## What to do
Leave out the pictures and copy each record below exactly.

###

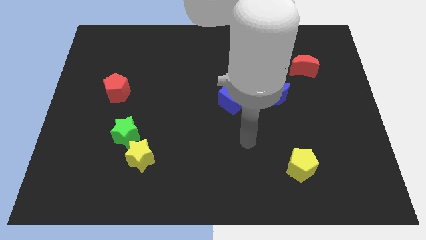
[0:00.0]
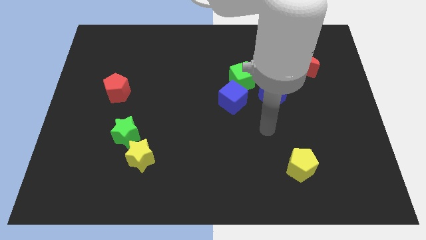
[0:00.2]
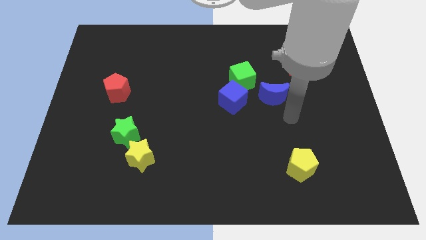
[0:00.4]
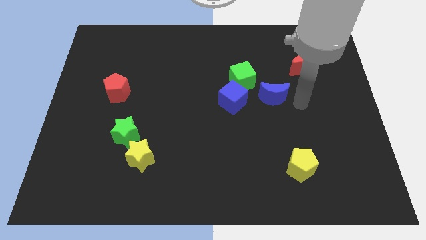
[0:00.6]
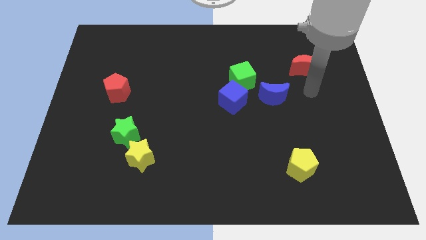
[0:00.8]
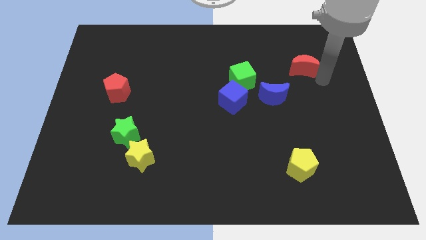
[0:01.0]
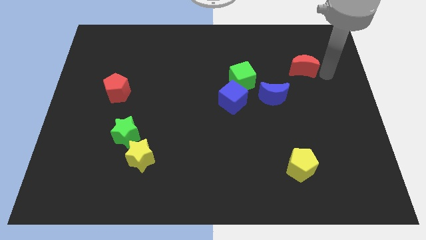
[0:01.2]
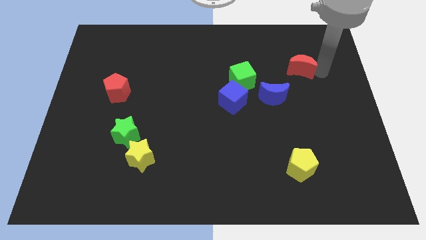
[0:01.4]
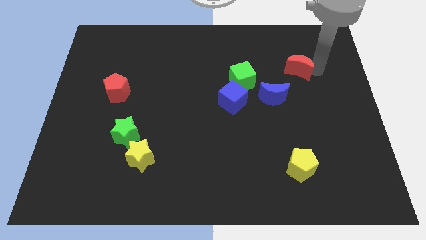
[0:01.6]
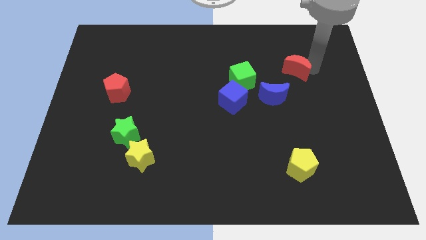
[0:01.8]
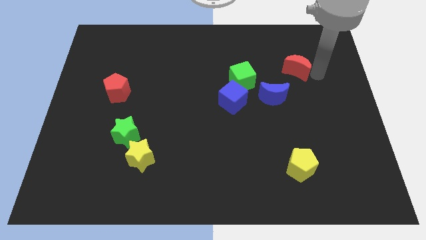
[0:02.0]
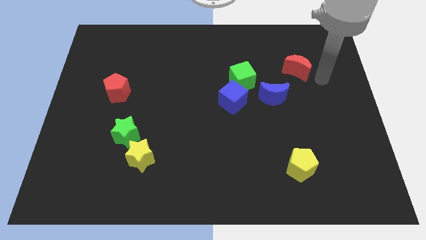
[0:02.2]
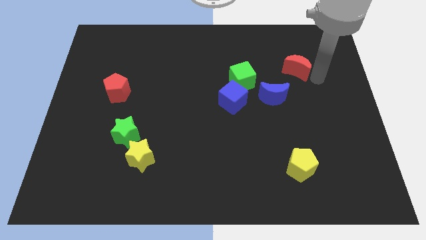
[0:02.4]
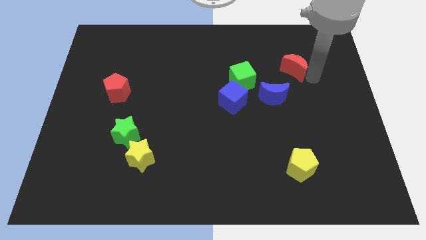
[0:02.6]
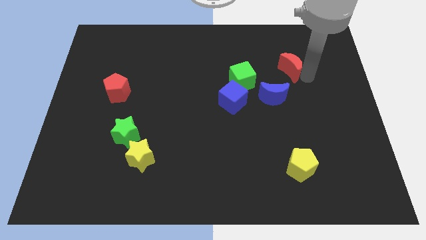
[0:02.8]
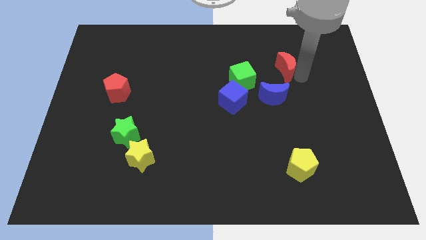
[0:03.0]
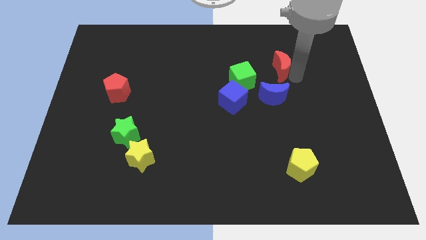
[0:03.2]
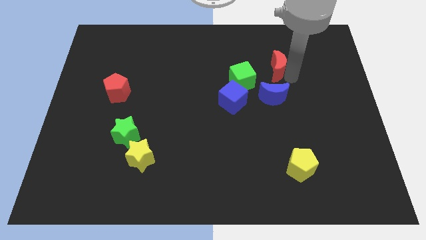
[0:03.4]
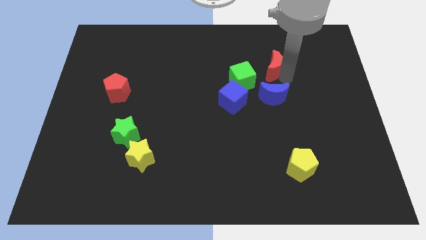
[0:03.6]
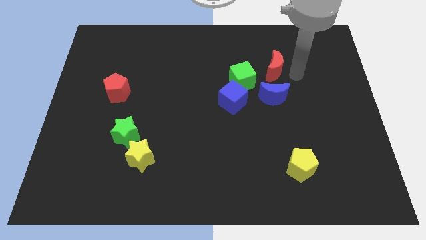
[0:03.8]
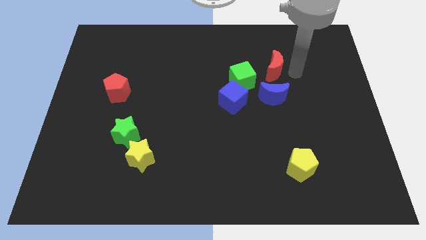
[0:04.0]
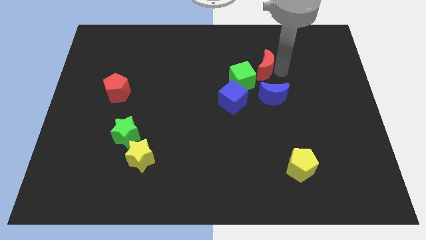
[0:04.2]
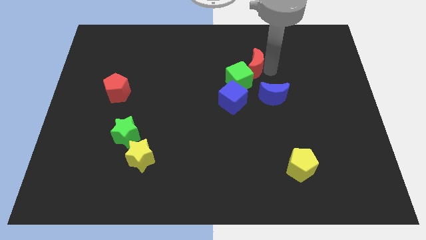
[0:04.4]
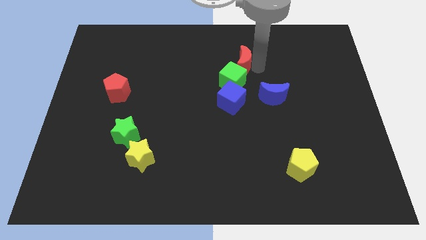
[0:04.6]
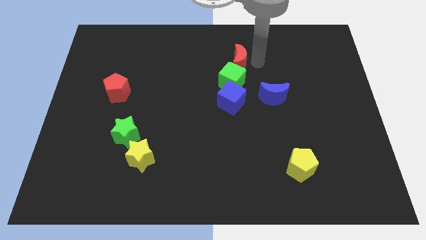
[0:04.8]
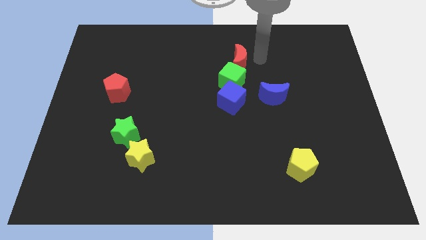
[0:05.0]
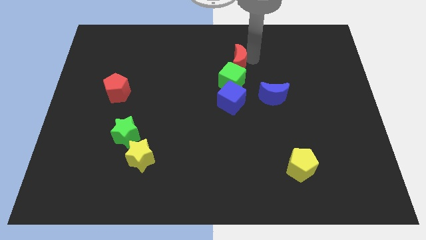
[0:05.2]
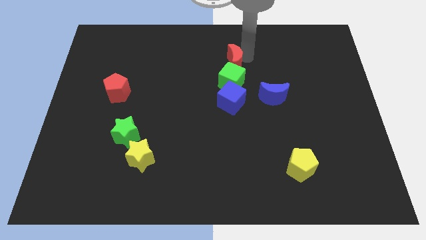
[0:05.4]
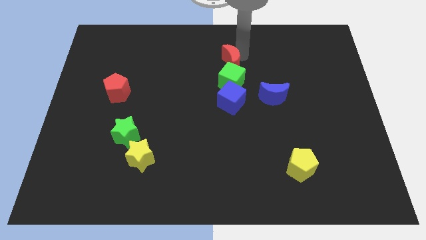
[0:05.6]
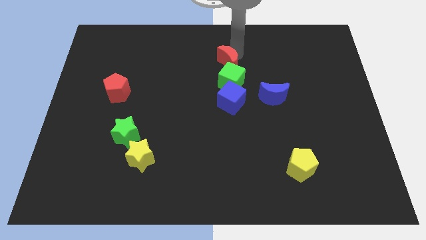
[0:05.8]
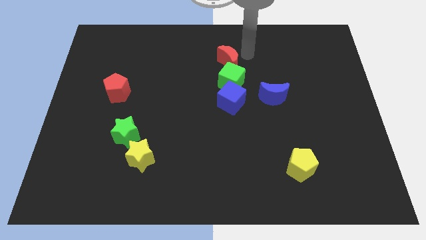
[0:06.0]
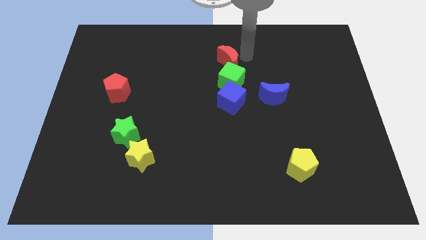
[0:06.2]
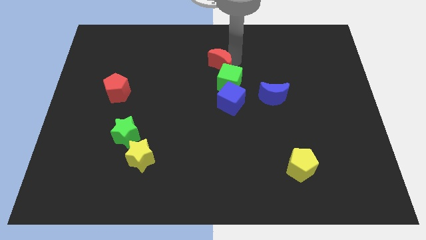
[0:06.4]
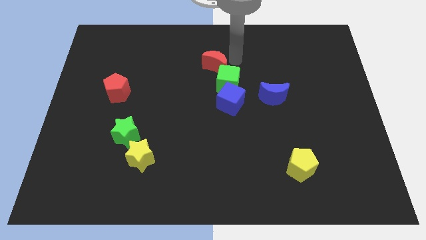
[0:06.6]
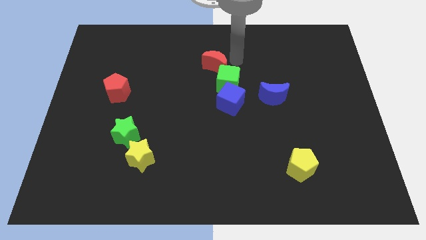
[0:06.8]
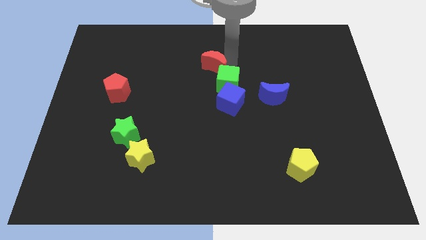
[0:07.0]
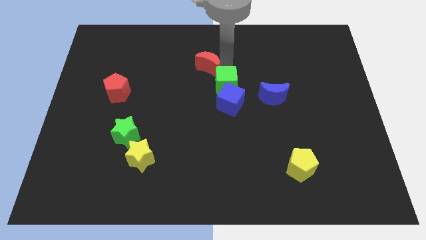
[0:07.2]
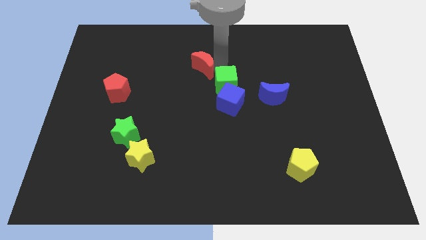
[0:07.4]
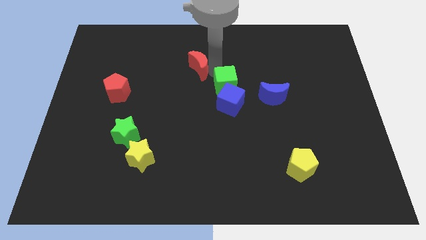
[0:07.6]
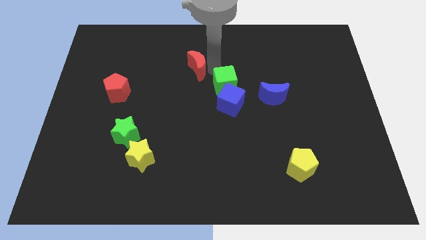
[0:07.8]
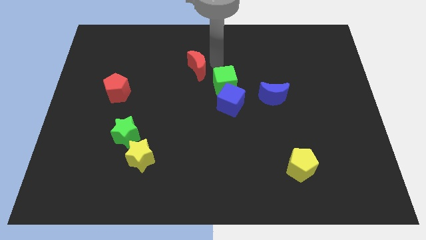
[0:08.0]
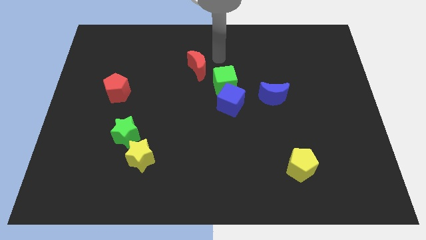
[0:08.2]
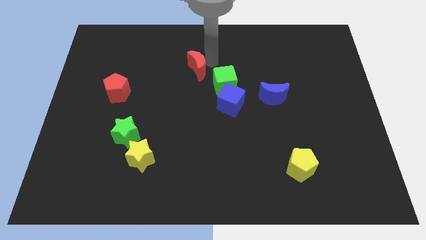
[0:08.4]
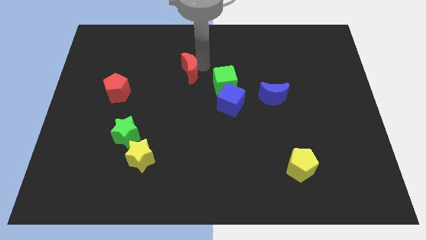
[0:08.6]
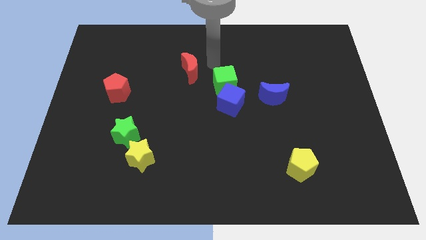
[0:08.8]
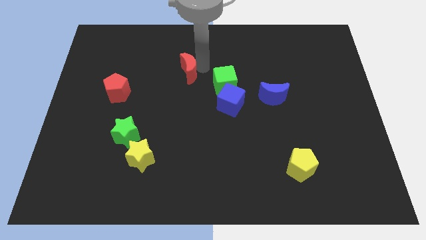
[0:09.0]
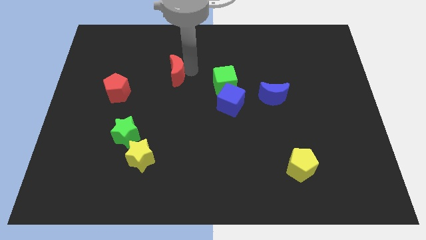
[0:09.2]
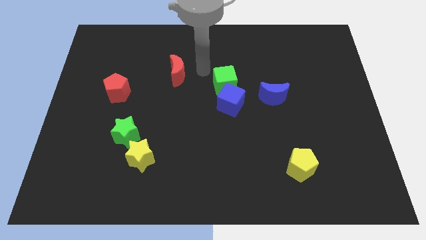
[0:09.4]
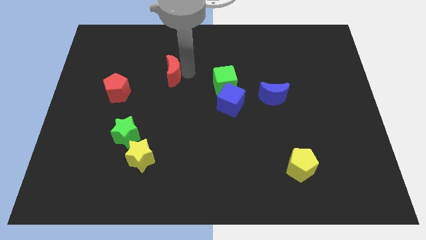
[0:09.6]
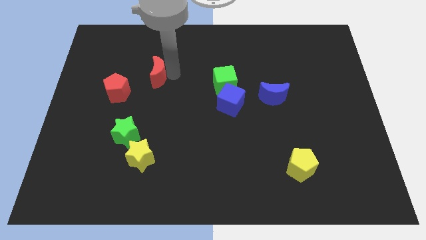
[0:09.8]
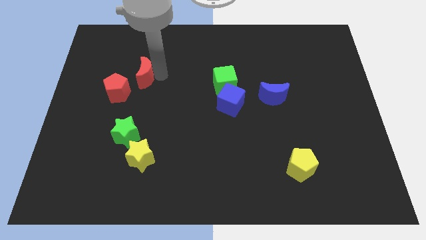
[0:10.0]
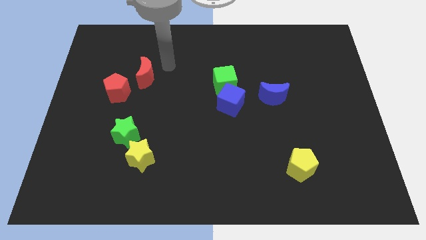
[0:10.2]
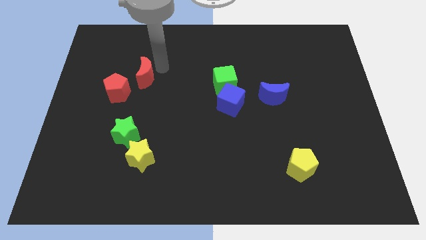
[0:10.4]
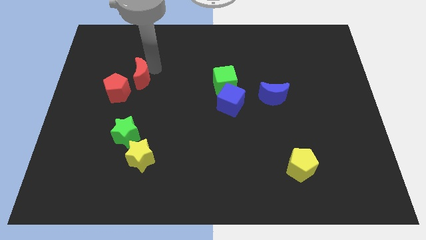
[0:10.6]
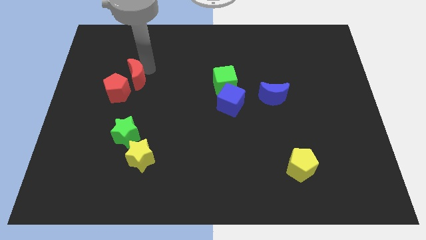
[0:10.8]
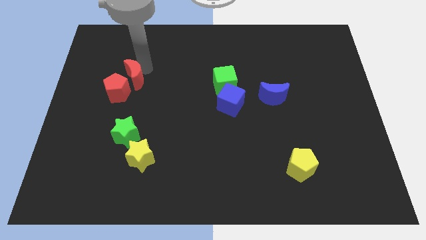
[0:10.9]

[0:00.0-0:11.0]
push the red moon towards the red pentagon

###

## Exercise output
[0:00.0]
[0:00.2]
[0:00.4]
[0:00.6]
[0:00.8]
[0:01.0]
[0:01.2]
[0:01.4]
[0:01.6]
[0:01.8]
[0:02.0]
[0:02.2]
[0:02.4]
[0:02.6]
[0:02.8]
[0:03.0]
[0:03.2]
[0:03.4]
[0:03.6]
[0:03.8]
[0:04.0]
[0:04.2]
[0:04.4]
[0:04.6]
[0:04.8]
[0:05.0]
[0:05.2]
[0:05.4]
[0:05.6]
[0:05.8]
[0:06.0]
[0:06.2]
[0:06.4]
[0:06.6]
[0:06.8]
[0:07.0]
[0:07.2]
[0:07.4]
[0:07.6]
[0:07.8]
[0:08.0]
[0:08.2]
[0:08.4]
[0:08.6]
[0:08.8]
[0:09.0]
[0:09.2]
[0:09.4]
[0:09.6]
[0:09.8]
[0:10.0]
[0:10.2]
[0:10.4]
[0:10.6]
[0:10.8]
[0:10.9]

[0:00.0-0:11.0]
push the red moon towards the red pentagon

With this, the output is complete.